Specializes in ED, psych.
On 5/9/2019 at 11:28 PM, Emergent said:

Okay, how about something like this: "Hey, sorry, I'm a little uptight about being touched. I tried to overcome this phobia, but it just makes me feel so uncomfortable. Thanks, I guess everyone's different."

There’s nothing to be sorry for.

You’re not being uptight.

Like pixie, this pixie gets picked up quite a bit because she’s vertically challenged. I’m also not a hugger, and I dislike being touched (childhood trauma plays a role). I’m not the least bit apologetic when I stop someone in their tracks - it’s not a phobia, it’s a preference.

You owe no one an apology nor explanation. Short and sweet: “please don’t ‘xyz.’ Thanks.”

Specializes in Critical care, tele, Medical-Surgical.

Our city councilman liked to hug. He would open his arms and give a smile. If the person didn't accept the hug he shook hands.

The first time I met him I had attended a city council meeting. Sfter the meeting I shook his hand. After working with him on nursing issues we hugged "hello" and "good bye." He died of cancer a couple years ago. Here he was gugging a neighbor at the farmer's market:

Rosendahl%20hugRWK2609_zpsb0tnhz54.jpg

Specializes in CCU, SICU, CVSICU, Precepting & Teaching.
5 hours ago, kbrn2002 said:

Well that seems pretty harsh. Unless there was a pattern of complaints firing somebody for a casual touch is lousy.

You don't know if there's been a problem of complaints. Disciplinary matters are confidential. The "casual toucher" may have been asked several times to cease and desist.

Casual touching may be grooming behavior . . . the toucher is grooming the touchee to ignore or disregard her boundaries paving the way for less casual touching. If someone wants not to be touched, has communicated that desire to the toucher and the toucher fails to cease and desist, that touching is no longer casual, but problematic.

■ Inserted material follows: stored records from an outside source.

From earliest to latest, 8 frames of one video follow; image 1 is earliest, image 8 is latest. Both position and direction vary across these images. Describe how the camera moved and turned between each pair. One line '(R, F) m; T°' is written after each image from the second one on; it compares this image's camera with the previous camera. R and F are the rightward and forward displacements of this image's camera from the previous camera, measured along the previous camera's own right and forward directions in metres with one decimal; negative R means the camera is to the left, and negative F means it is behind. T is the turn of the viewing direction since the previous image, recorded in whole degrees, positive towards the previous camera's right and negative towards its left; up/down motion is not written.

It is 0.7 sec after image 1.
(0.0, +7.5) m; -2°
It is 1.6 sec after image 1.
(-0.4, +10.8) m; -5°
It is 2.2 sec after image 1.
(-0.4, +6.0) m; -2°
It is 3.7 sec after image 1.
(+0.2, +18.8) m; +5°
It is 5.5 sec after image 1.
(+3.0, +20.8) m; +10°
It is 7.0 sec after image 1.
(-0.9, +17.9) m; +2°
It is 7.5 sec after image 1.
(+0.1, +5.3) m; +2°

Specializes in Critical care.

Sort of a weird reverse here, I am uncomfortable being touchy feely, but often situations seem to warrant it. Like where I tell a family their loved one has died they reach up and hug me. Totally appropriate, totally makes me uncomfortable, how long do we hug, when do I pull back, is it a full body press or a lean in non-sincere thing? I try to do compassionate touching, but it just feels so awkward to me. You know, the pat on the hand as the wife of 55 years tells me how strong her dying husband is, that kind of thing. You'd think after 30 years in nursing I would be better at it ?

Cheers

Specializes in ER.

I guess my conflict about this is, there are some people I am on occasional touching terms with. But this evolved over time. But, when someone gets familiar too quickly, it's intrusive and invasive of my bubble.

If I tell this gal 'no touching', then she sees me exchange an occasional touch with another coworker, it would make her feel disliked or left out.

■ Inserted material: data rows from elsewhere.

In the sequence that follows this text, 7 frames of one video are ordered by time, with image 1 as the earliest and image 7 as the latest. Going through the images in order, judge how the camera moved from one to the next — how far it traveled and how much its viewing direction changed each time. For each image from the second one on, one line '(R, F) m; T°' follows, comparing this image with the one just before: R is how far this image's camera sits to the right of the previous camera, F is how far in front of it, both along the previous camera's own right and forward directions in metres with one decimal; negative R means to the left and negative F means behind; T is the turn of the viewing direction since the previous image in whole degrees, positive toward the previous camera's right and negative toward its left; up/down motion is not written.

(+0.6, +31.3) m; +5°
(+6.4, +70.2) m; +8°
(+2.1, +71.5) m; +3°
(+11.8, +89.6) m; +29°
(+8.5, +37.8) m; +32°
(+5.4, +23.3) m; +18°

I guess I feel like the touchy feelies devalue touching by doing it all the time. To me, it is more meaningful and not done lightly or indiscriminately. If you do it all the time, it isn't very special.

Specializes in PICU.
3 hours ago, Emergent said:

I guess my conflict about this is, there are some people I am on occasional touching terms with. But this evolved over time. But, when someone gets familiar too quickly, it's intrusive and invasive of my bubble.

If I tell this gal 'no touching', then she sees me exchange an occasional touch with another coworker, it would make her feel disliked or left out.

I guess I feel like the touchy feelies devalue touching by doing it all the time. To me, it is more meaningful and not done lightly or indiscriminately. If you do it all the time, it isn't very special.

The part I bolded is what you should then say. Put like this, it really says it all, especially your feelings towards touch. I think if phrased like this, it gives you the option to extend a touch if and when you are ready for that level of familiarity. Just let her know with those words.